EXCERPTED RECORDS section start

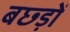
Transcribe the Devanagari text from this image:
बछ्ड़ों
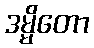
ဒမ္မိတော
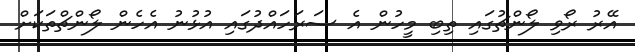
އޭރު ރޯވި ލޯންޗުގައި ތިބި މީހުން އެ ސަރަހައްދުގައި އުޅުނު އެހެން ލޯންޗްތަކަށް
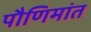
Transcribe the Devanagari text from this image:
पौणिमांत
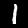
Digit: 1
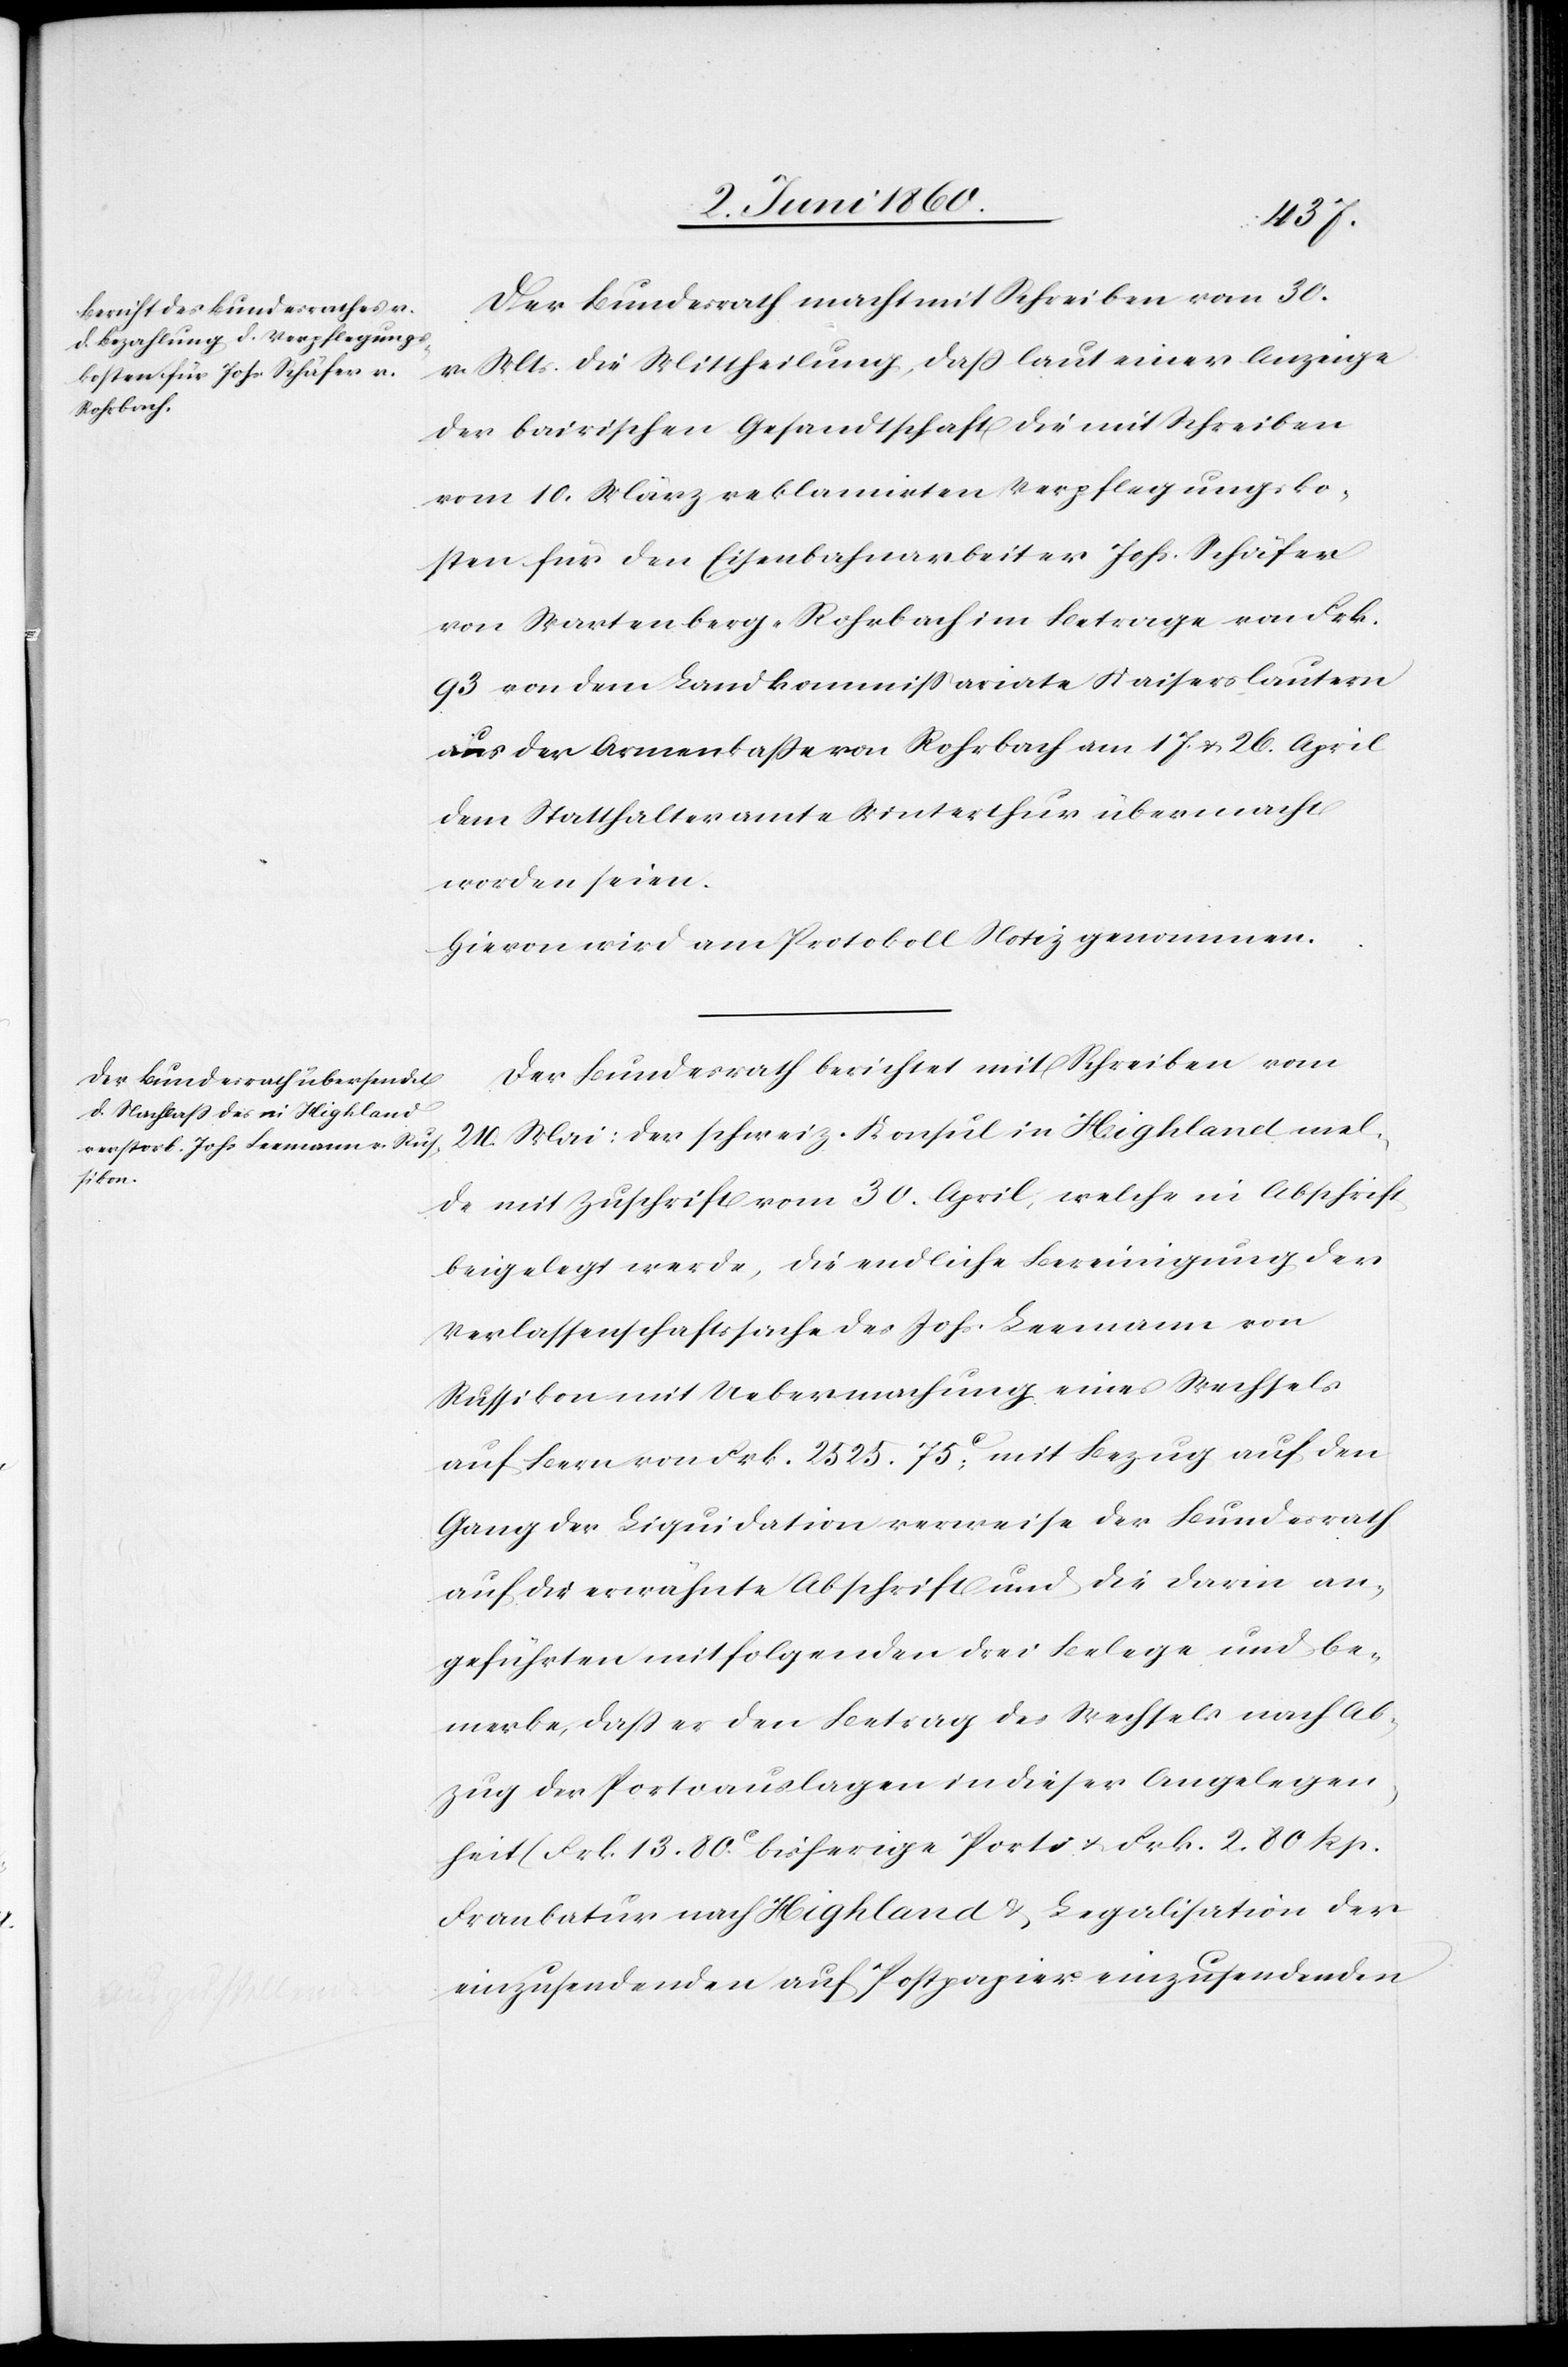
Der Bundesrath macht mit Schreiben vom 30.
v. Mts. die Mittheilung, dass laut einer Anzeige
der baierischen Gesandtschaft die mit Schreiben
vom 10. März reklamirten Verpflegungsko¬
sten für den Eisenbahnarbeiter Johs. Schäfer
von Wartenberg-Rohrbach im Betrage von Frk.
93 von dem Landkommissariate Kaiserslautern
aus der Armenkasse von Rohrbach am 17. u. 26. April
dem Statthalteramte Winterthur übermacht
worden seien.
Hievon wird am Protokoll Notiz genommen.
Der Bundesrath berichtet mit Schreiben vom
24. Mai: der schweiz. Konsul in Highland mel¬
de mit Zuschrift vom 30. April, welche in Abschrift
beigelegt werde, die endliche Bereinigung der
Verlassenschaftssache des Johs. Leemann von
Russikon mit Uebermachung eines Wechsels
auf Bern von Frk. 2525. 75C; mit Bezug auf den
Gang der Liquidation verweise der Bundesrath
auf die erwähnte Abschrift und die darin an¬
geführten mit folgenden drei Belegen und be¬
merke, dass er den Betrag des Wechsels nach Ab¬
zug der Portoauslagen in dieser Angelegen¬
heit (Frk. 13. 80C bisherige Porti u. Frk. 2. 80 Rp.
Frankatur nach Highland u. Legalisation der
einzusendenden auf Postpapier einzusendenden
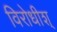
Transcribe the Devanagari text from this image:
विरोधीश्
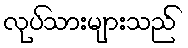
လုပ်သားများသည်
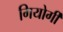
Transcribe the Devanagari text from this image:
गियोर्गी

EXCERPTED RECORDS section end

**TASK STATEMENT**
Since the pictures are not wanted, give the material again exactly without them.

**RESPONSE TO THE EXERCISE**
Transcribe the Devanagari text from this image:
बछ्ड़ों
ဒမ္မိတော
އޭރު ރޯވި ލޯންޗުގައި ތިބި މީހުން އެ ސަރަހައްދުގައި އުޅުނު އެހެން ލޯންޗްތަކަށް
Transcribe the Devanagari text from this image:
पौणिमांत
Digit: 1
Der Bundesrath macht mit Schreiben vom 30.
v. Mts. die Mittheilung, dass laut einer Anzeige
der baierischen Gesandtschaft die mit Schreiben
vom 10. März reklamirten Verpflegungsko¬
sten für den Eisenbahnarbeiter Johs. Schäfer
von Wartenberg-Rohrbach im Betrage von Frk.
93 von dem Landkommissariate Kaiserslautern
aus der Armenkasse von Rohrbach am 17. u. 26. April
dem Statthalteramte Winterthur übermacht
worden seien.
Hievon wird am Protokoll Notiz genommen.
Der Bundesrath berichtet mit Schreiben vom
24. Mai: der schweiz. Konsul in Highland mel¬
de mit Zuschrift vom 30. April, welche in Abschrift
beigelegt werde, die endliche Bereinigung der
Verlassenschaftssache des Johs. Leemann von
Russikon mit Uebermachung eines Wechsels
auf Bern von Frk. 2525. 75C; mit Bezug auf den
Gang der Liquidation verweise der Bundesrath
auf die erwähnte Abschrift und die darin an¬
geführten mit folgenden drei Belegen und be¬
merke, dass er den Betrag des Wechsels nach Ab¬
zug der Portoauslagen in dieser Angelegen¬
heit (Frk. 13. 80C bisherige Porti u. Frk. 2. 80 Rp.
Frankatur nach Highland u. Legalisation der
einzusendenden auf Postpapier einzusendenden
Transcribe the Devanagari text from this image:
विरोधीश्
လုပ်သားများသည်
Transcribe the Devanagari text from this image:
गियोर्गी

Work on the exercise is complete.